▶ [Input data]

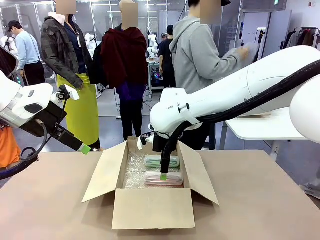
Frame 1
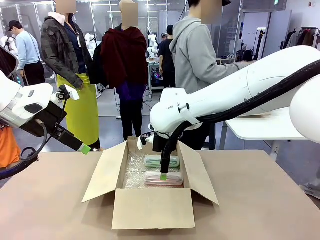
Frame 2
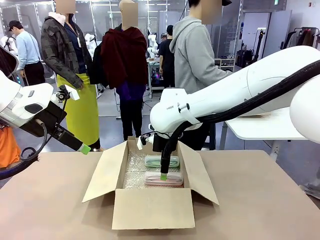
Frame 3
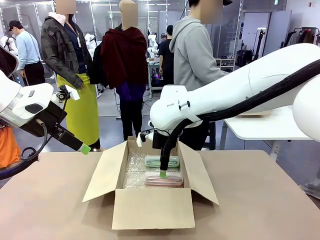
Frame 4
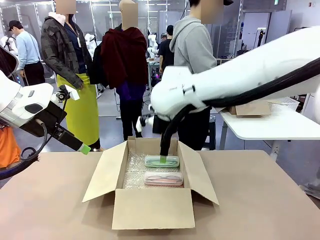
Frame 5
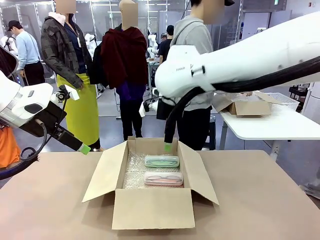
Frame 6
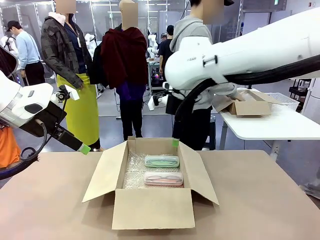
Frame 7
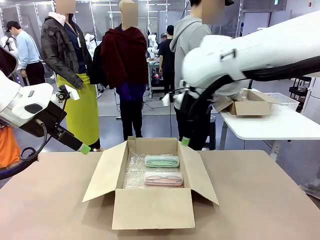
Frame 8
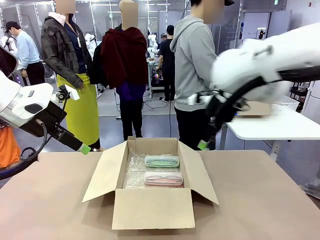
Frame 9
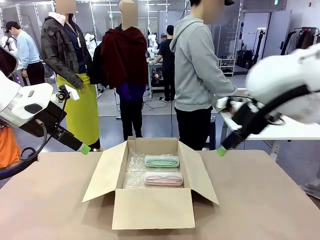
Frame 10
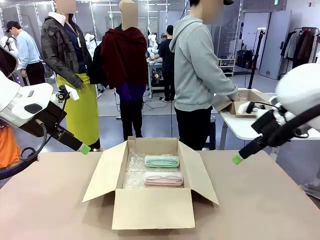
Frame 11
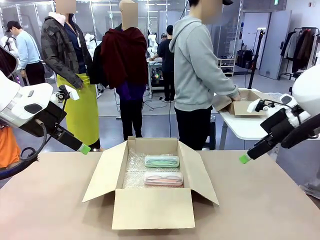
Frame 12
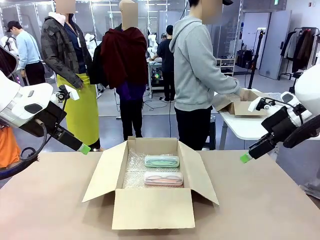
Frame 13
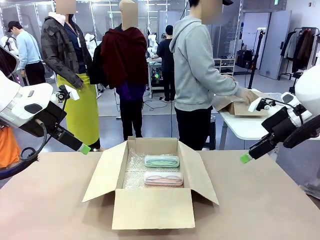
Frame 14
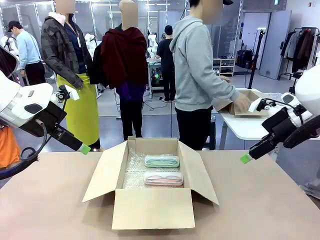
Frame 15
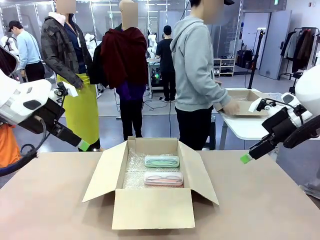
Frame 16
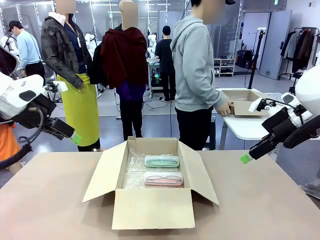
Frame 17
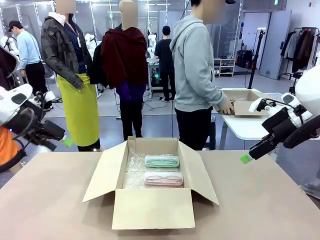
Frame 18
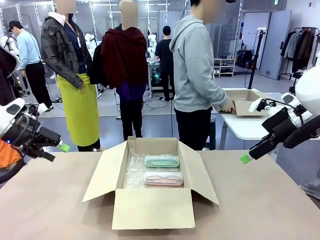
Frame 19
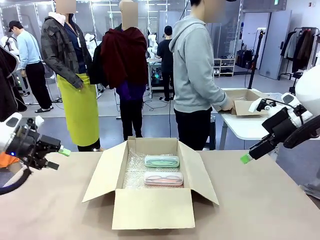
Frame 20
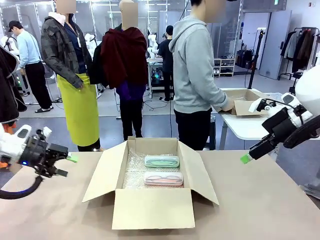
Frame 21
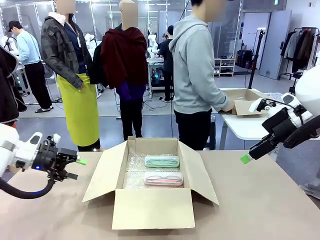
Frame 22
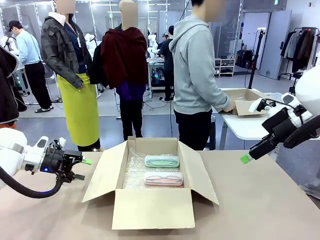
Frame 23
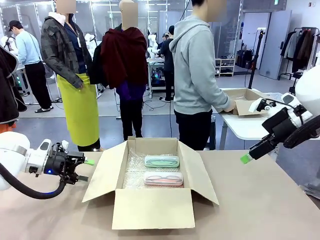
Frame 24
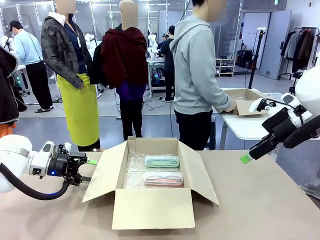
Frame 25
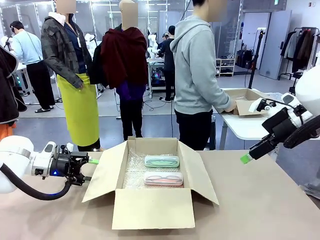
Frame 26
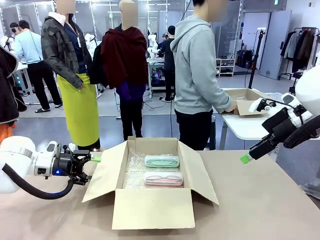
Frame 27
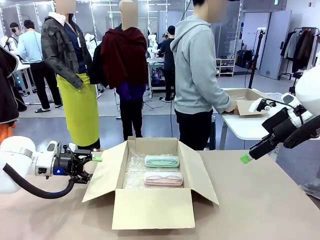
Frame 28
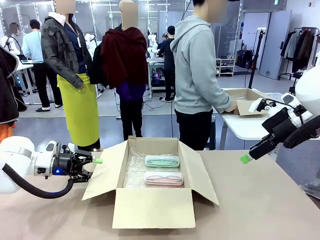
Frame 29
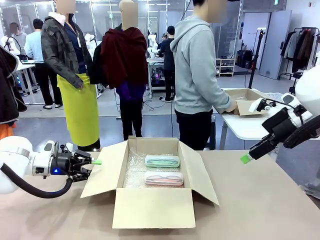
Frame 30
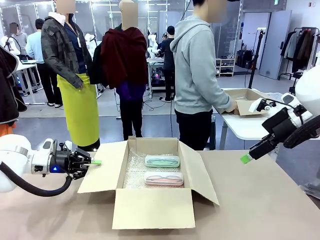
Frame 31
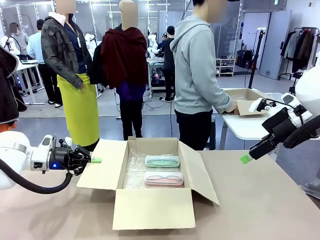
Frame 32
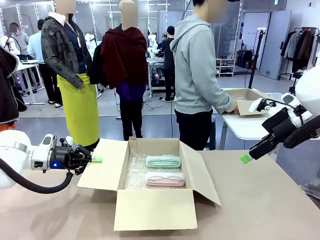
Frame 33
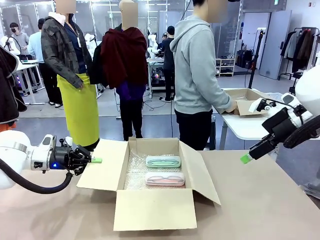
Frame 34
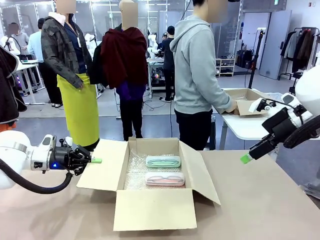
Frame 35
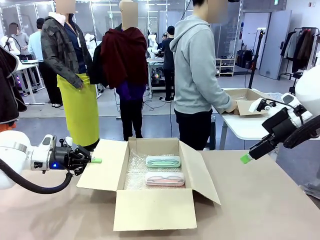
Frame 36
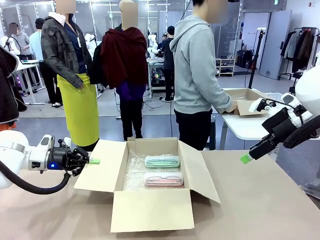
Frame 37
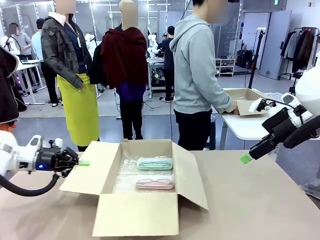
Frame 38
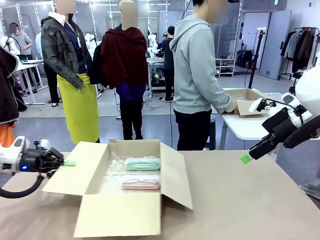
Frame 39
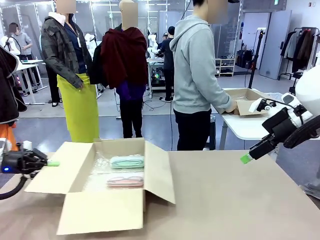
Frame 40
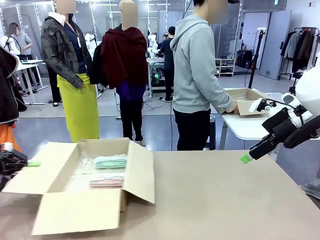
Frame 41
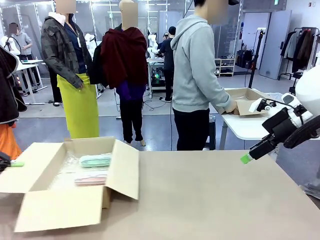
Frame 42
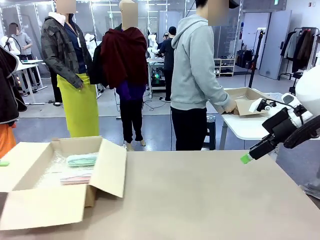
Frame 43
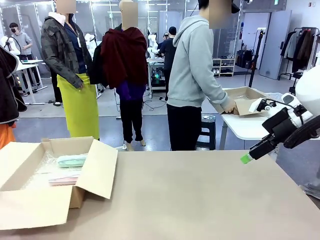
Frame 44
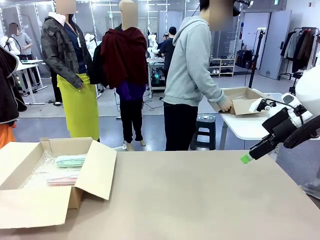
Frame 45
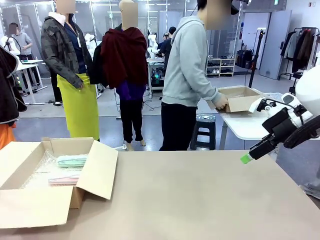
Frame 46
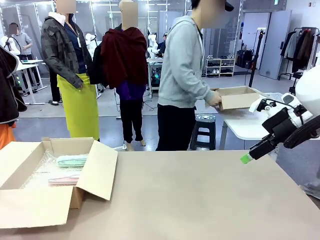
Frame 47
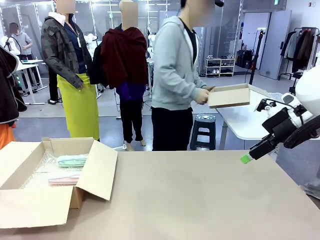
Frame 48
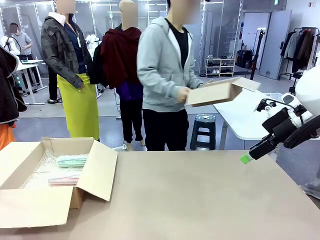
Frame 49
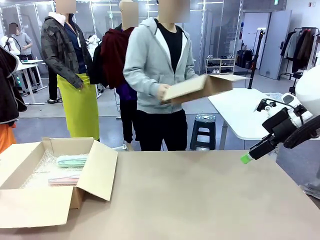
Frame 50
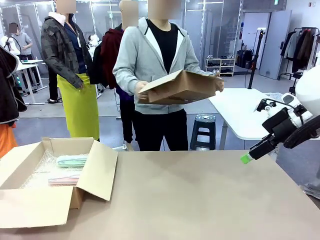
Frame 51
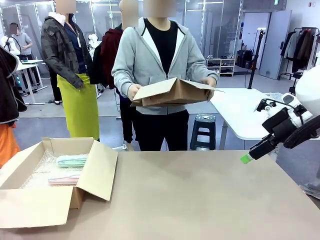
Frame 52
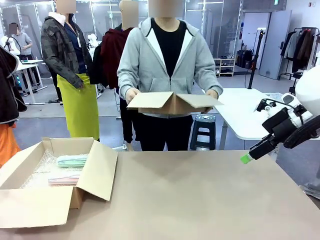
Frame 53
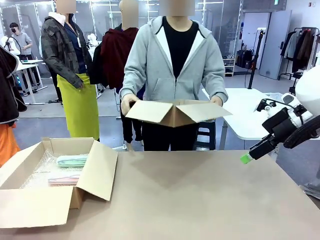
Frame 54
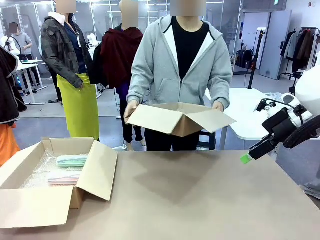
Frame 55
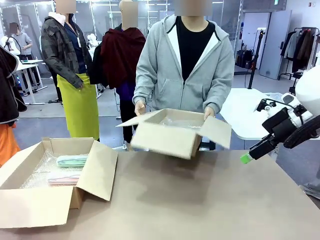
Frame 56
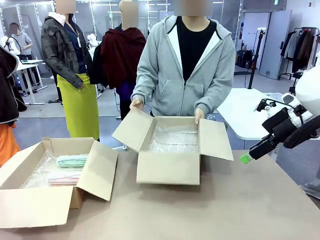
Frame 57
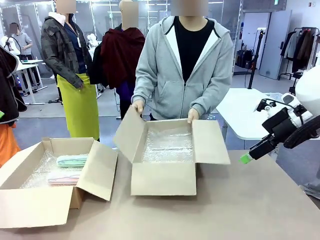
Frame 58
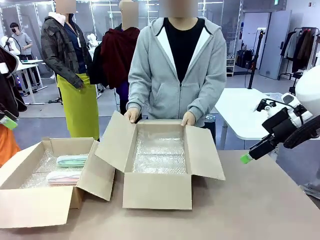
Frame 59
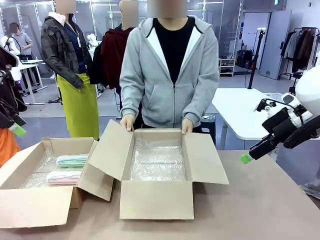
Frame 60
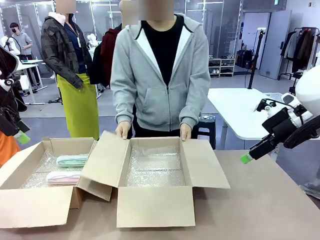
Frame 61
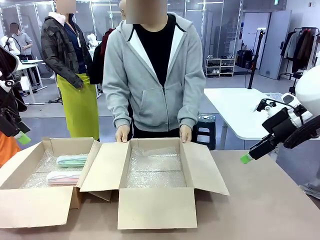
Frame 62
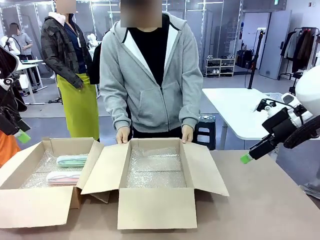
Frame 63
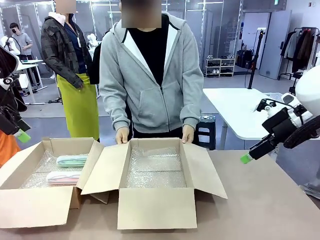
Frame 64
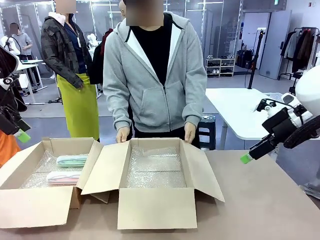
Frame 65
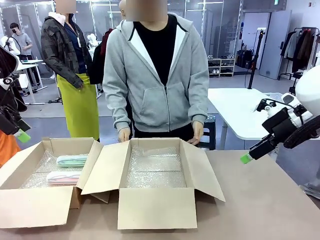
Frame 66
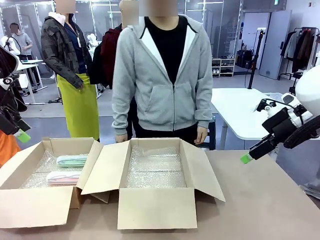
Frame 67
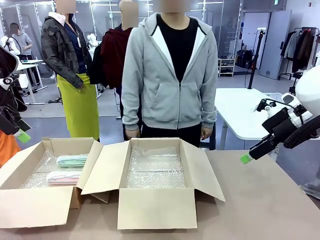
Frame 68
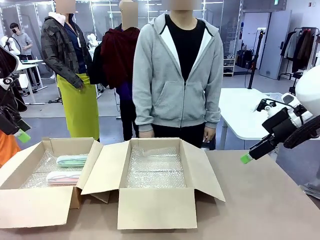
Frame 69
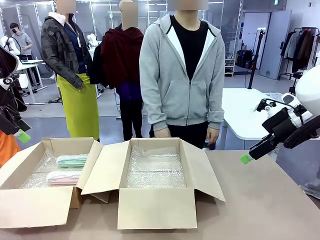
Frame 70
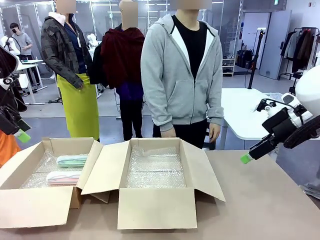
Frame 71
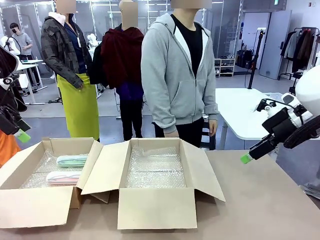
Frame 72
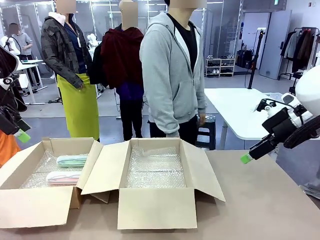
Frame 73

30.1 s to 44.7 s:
Task: Pack the glasses set securely to prepare it for shipping.
Robot: Position the Package Box on the left side of the table.
Person: Position the empty Package Box in the middle of the robot's table.

▶ [Task details] Would you print the listing above in full, exactly, but with no pictures?

▶ [Exercise result]
Frame 1
Frame 2
Frame 3
Frame 4
Frame 5
Frame 6
Frame 7
Frame 8
Frame 9
Frame 10
Frame 11
Frame 12
Frame 13
Frame 14
Frame 15
Frame 16
Frame 17
Frame 18
Frame 19
Frame 20
Frame 21
Frame 22
Frame 23
Frame 24
Frame 25
Frame 26
Frame 27
Frame 28
Frame 29
Frame 30
Frame 31
Frame 32
Frame 33
Frame 34
Frame 35
Frame 36
Frame 37
Frame 38
Frame 39
Frame 40
Frame 41
Frame 42
Frame 43
Frame 44
Frame 45
Frame 46
Frame 47
Frame 48
Frame 49
Frame 50
Frame 51
Frame 52
Frame 53
Frame 54
Frame 55
Frame 56
Frame 57
Frame 58
Frame 59
Frame 60
Frame 61
Frame 62
Frame 63
Frame 64
Frame 65
Frame 66
Frame 67
Frame 68
Frame 69
Frame 70
Frame 71
Frame 72
Frame 73

30.1 s to 44.7 s:
Task: Pack the glasses set securely to prepare it for shipping.
Robot: Position the Package Box on the left side of the table.
Person: Position the empty Package Box in the middle of the robot's table.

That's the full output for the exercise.